Alla fine cerco sempre di metterci un pochino di razionalità, ma non troppa, perché qualsiasi cosa tu faccia se non ci metti un minimo di passione è molto difficile che tu ottenga dei buoni risultati.
Paradossalmente la mia nuova condizione fisica mi ha aiutato ad usare più la testa soprattutto nel quotidiano, a esser più ordinato e attento: non muovendo più le gambe e non controllando più intestino e vescica prima di uscire di casa, prima di spostarmi dalla sedia al divano, al letto o alla macchina devo prestare molta attenzione perché le conseguenze possono significare interventi e mesi e mesi di ospedale.
La “sedia “ tanto mi ha tolto ma tanto mi ha dato: mi ha dato più maturità (sono sempre stato un eterno bambinone sia nei momenti di gioia che nei momenti difficili), mi ha fatto vincere molte paure, mi ha fatto vincere tante nuove sfide perché l’aver passato tanto tempo in camere di ospedale, in sale operatorie e in centri di riabilitazione, paradossalmente fortifica.
Ti senti grande perché ce l’hai fatta a inventarti una nuova vita, certamente diversa da quella di prima ma non per questo avara di soddisfazioni.
Quando riesci a ottenere qualcosa per il quale hai lottato tanto, da seduto c’è molta più gratifica che da normodotato: non scorderò mai le emozioni quando mi sono laureato, quando ho vinto le prime partite a tennis, i primi tornei, le prime volte che ho calcato il palco, che ho volato col mago e i tanti complimenti ricevuti dopo aver letto i miei libri o dopo avermi sentito parlare.
Ricordatevi sempre che le barriere più alte da superare, da scalvalcare, da abbattere non sono quelle che esistono, non sono quelle reali, ma sono quelle che la nostra mente crea.
F – Domanda 5
Insomma capisco che oggi di fronte ad una scelta usi un Mix fra cuore e ragione!
Ho letto i tuoi due libri: li ho trovati autentici, scritti col cuore, e che rispecchiano tutto il fermento mentale che ti caratterizza da sempre come persona, anche prima dell’incidente.

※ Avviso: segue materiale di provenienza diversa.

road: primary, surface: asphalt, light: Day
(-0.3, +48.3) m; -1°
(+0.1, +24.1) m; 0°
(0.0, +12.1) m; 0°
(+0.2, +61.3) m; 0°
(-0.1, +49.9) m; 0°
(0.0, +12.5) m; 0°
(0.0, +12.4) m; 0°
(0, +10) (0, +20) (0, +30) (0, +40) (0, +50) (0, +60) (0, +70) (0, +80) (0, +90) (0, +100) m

Nel tuo libro dici che la forza di andare avanti l’hai trovata in te stesso. Ci spieghi meglio cosa intendi dire?
N – Risposta 5
Se prima dell’ incidente mi aveste detto che sarei rimasto in carrozzina vi avrei riposto che non ce l’avrei fatta, invece mi è venuta fuori la forza, una forza che non immaginavo neanche di avere, ma l’ho trovata grazie ai miei genitori, grazie allo sport, grazie ai miei amici e grazie a me stesso …

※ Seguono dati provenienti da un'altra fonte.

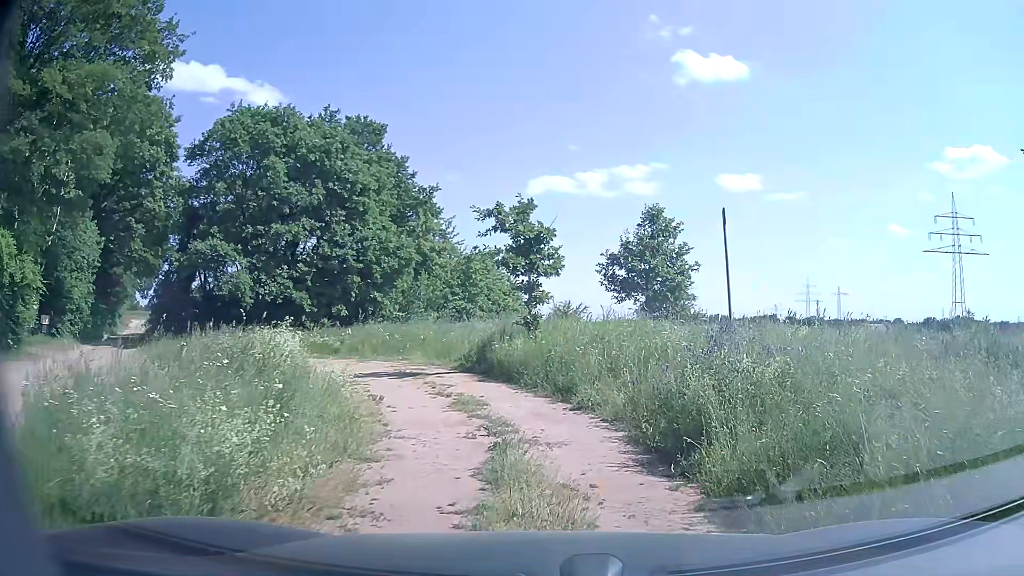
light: Day
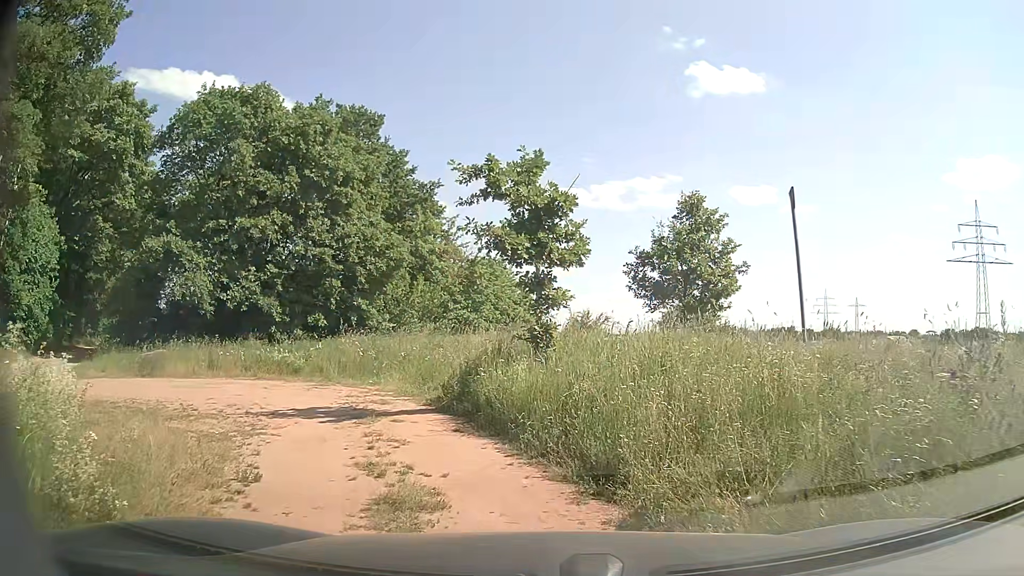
(+0.1, +5.3) m; 0°
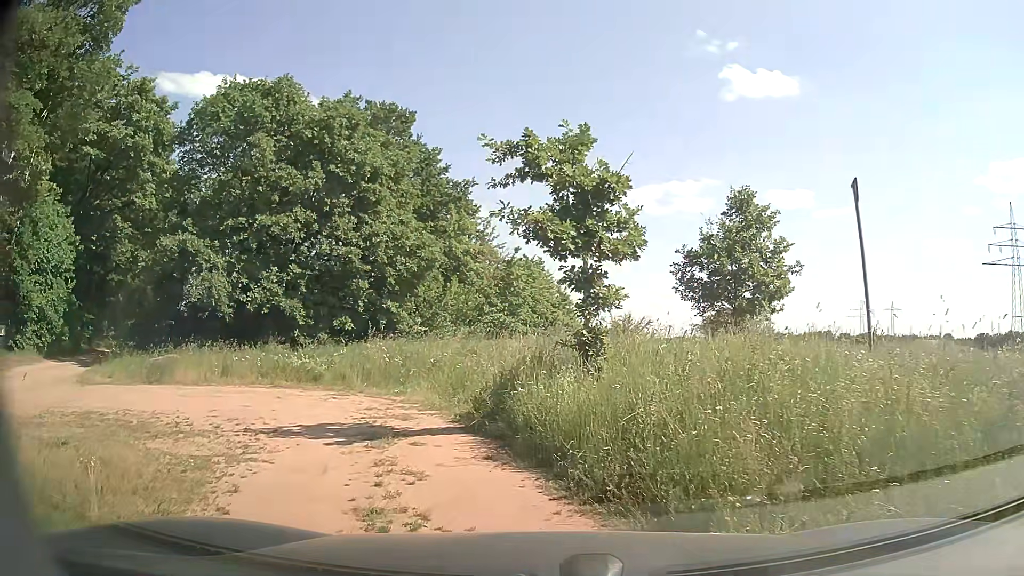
(-0.1, +1.6) m; -4°

Mi sono guardato dentro, ho scavato e ho trovato la forza per reagire e ora paradossalmente sono più forte di prima.
La forza mi è venuta anche guardando gli altri: vedevo che le altre persone reagivano, vedevo ragazzi più giovani di me , vedevo anziani che sorridevano anche se erano sulla sedia, pensavo a quelli che non ce l’avevano fatta mentre io ero ancora vivo e mi domandavo: “perché anch’io non ce la dovrei fare ?”
Lo stesso per le nuove “sfide” come tornare sugli sci o sott’acqua: all’inizio avevo paura, poi vedevo altri che ce la facevano così mi facevo forza, mi son buttato ed è stato più facile del previsto.
Come mi è capitato col libro: ho letto delle pubblicazioni di persone che hanno subito un trauma e mi son chiesto “Lo fanno loro perché non provarci anch’io?”.
Così è stato! Poi mi è andata bene e non ho scoperto solo le mie doti nascoste di scrittore, ma anche quelle di oratore.
Ho raccontato la mia storia ad eventi istituzionali, sportivi, negli ospedali e nelle scuole: notavo che la gente mi stava ad ascoltare interessata e coinvolta.
È bellissimo quando vengono da te e ti ringraziano perché dalla tue parole riescono a tirarsi su, a capire che quelli che loro chiamano problemi in realtà sono solo bazzecole in confronto ai miei.
Ti si riempie il cuore quando fai ritrovare il sorriso alle persone che soffrono per qualsiasi cosa. Il dolore è soggettivo: se subìto in prima persona è amplificato, io posso star male per un raffreddore, mentre un’altra persona non sta male neanche per una polmonite.
Io ho cambiato la mia vita dopo un trauma: mi sono reinventato trovando nuovi stimoli e nuove motivazioni ma altre persone con disabilità hanno cambiato il mondo.
Recentemente è venuto a mancare Stephen Hawking: cosmologo, matematico, astrofisico che con la teoria dei buchi neri ha rivoluzionato la fisica nonostante avesse la Sla.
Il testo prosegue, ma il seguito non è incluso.